Kenya president says attackers behind hotel attack killed

Kenya president says attackers behind hotel attack killed
Kenya president says attackers behind hotel attack killed
President Kenyatta said 14 civilians died in the attack claimed by the al-Shabab armed group [Andrew Renneisen/Getty]

Kenyan President Uhuru Kenyatta said all the gunmen behind Nairobi hotel complex attack have been killed and the 19-hour hostage crisis is over.

In a national television address, Kenyatta said on Wednesday 14 civilians died in the attack claimed by the al-Shabab armed group.

The president said more than 700 civilians were evacuated from the complex.

“The security operation operation at Dusit complex is over and all the terrorists have been eliminated,” said Kenyatta.

“We have confirmation that 14 innocent lives were lost through the hands of these murderers, terrorists with others injured.”

Earlier reports said at least 15 people were killed. 

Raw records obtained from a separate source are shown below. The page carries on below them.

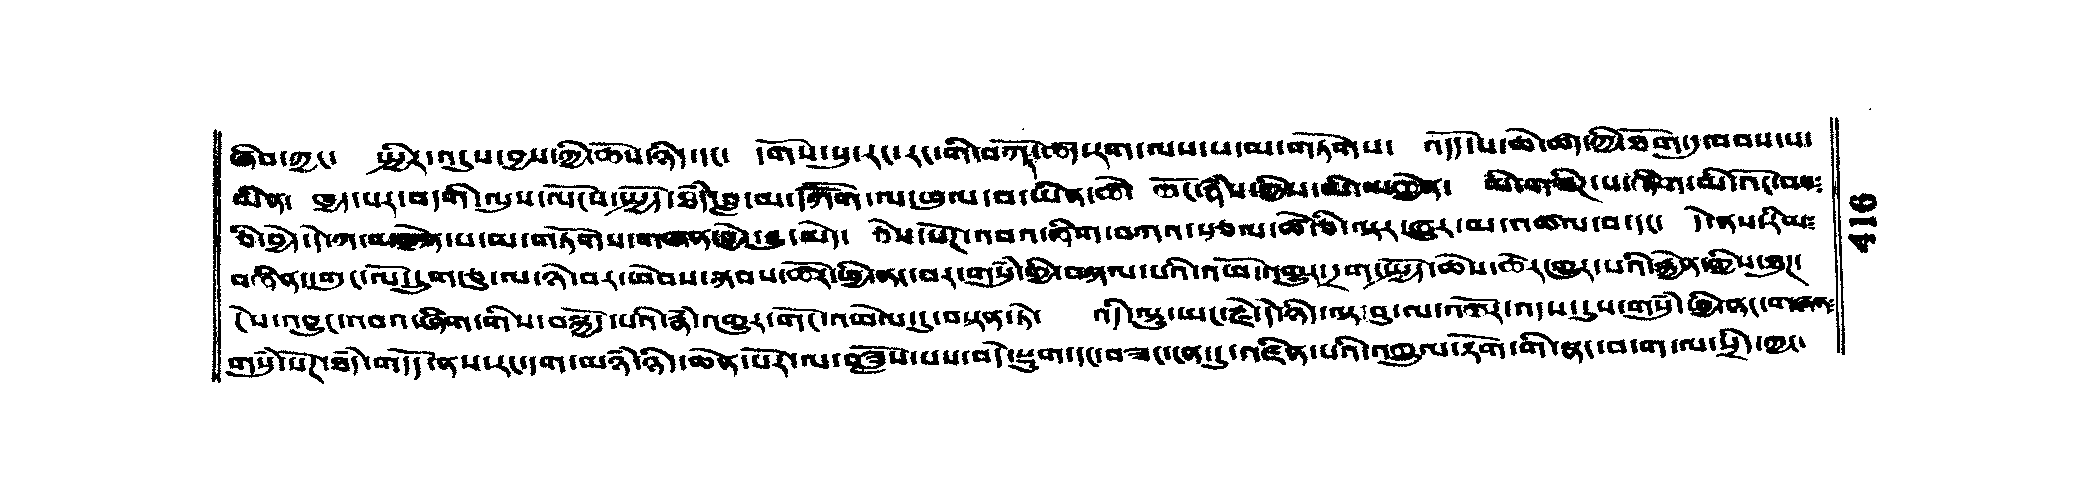ཞིབ་ཀྱང་། སྤྱིར་འདུས་བྱས་ཀྱི་ཆོས་ཉིད་དང་། དགོས་སུ་རང་རང་གི་བཀོད་ཚད་རག་ལས་པ་མ་གཏོགས། འདོད་པ་ཆེ་ཚད་ཀྱི་ཐོག་ཏུ་བབས་པ་
མིན། ཁྱད་པར་བདག་གི་ལུས་ལོངས་སྤྱོད་ཐམས་ཅད་བླ་མ་དཀོན་མཆོག་ལ་ཕུལ་བ་ཡིན་ཚེ། ཁོང་རྣམས་ཀྱི་མི་མཁྱེན། མི་གཟིགས་པ་ཞིག་མིང་འོང་བས་
ཅི་བྱེད་དེ་ཀ་མཁྱེན་པ་མ་གཏོགས་གཞན་བྱེད་རྒྱུ་མེད། ཅེས་སོགས་འབའ་ཞིག་བཀའ་སྩལ་ཚེ་ཅི་ལྟར་ཞུར་མ་འཚལ་བ་དང་། དེ་ནས་རིམ་
བཞིན་དགུང་ལོ་དྲུག་ཅུ་ལ་ཉེ་བར་ཕེབས་སྐབས་ཕྱི་ནང་བར་གསུམ་གྱི་བསྐལ་པའི་འཕོ་འགྱུར་དྲག་སྤྱོད་ཆེས་ཆེར་གྱུར་པའི་རྐྱེན་གྱིས་ཐུགས་
ངེས་འབྱུང་འབའ་ཞིག་གིས་བསྐྱོད་པའི་རྣམ་འགྱུར་གོང་འཕེལ་དུ་བསྟན་ཏེ། འདི་ལྟ་བུ་ཡང་རྗེ་དེ་ཉིད་ལྟ་བུ་ལ་འཁོར་འདས་དུས་གསུམ་ཕྱི་ནང་གཞན་
གསུམ་སོགས་ཐམས་ཅད་གདོད་ནས་རང་དག་མཉམ་ཉིད་ཆེན་པོར་ལ་བཟློས་པས་བདེ་སྡུག་དང་བཟང་ངན་དུ་འཛིན་པའི་འཁྲུལ་རྟོག་གི་སྣང་བ་དག་ལ་སྲིད་ཀྱང་།

“We are grieving as a country this morning and my heart – and that of every Kenyan – goes out to the innocent men and women violated by senseless violence. We wish the injured quick recovery and as a nation we will continue to pray for them,” said Kenyatta.

Coordinated attack

According to Kenya’s police chief, Joseph Boinnet, the coordinated assault began at 3pm local time (12:00GMT) on Tuesday with an explosion that targeted three vehicles outside a bank, and a suicide bombing in the hotel lobby that severely wounded a number of guests.

The attack was claimed by the al-Qaeda-linked armed group al-Shabab, which has repeatedly targeted Kenya since it sent its army into Somalia in October 2011 to fight the group.

“Our fighters killed 47 enemies inside the complex. The mujahideen are still in control of most parts of the building complex,” Abdiaziz Abu Mus’ab, the group’s military operations spokesperson, told Al Jazeera on Tuesday.

The attack at DusitD2 is the first in Nairobi since gunmen stormed the city’s Westgate shopping mall in 2013, killing at least 67 people. 

On April 2, 2015, another al-Shabab attack killed 148 people at the university in Garissa, eastern Kenya.

The Westgate attack resulted in many upscale establishments and shopping centres in the capital – including the Dusit – putting up security barriers to check cars and pedestrians.

Several Nairobi establishments popular with Westerners announced on social media on Tuesday they had closed for security reasons.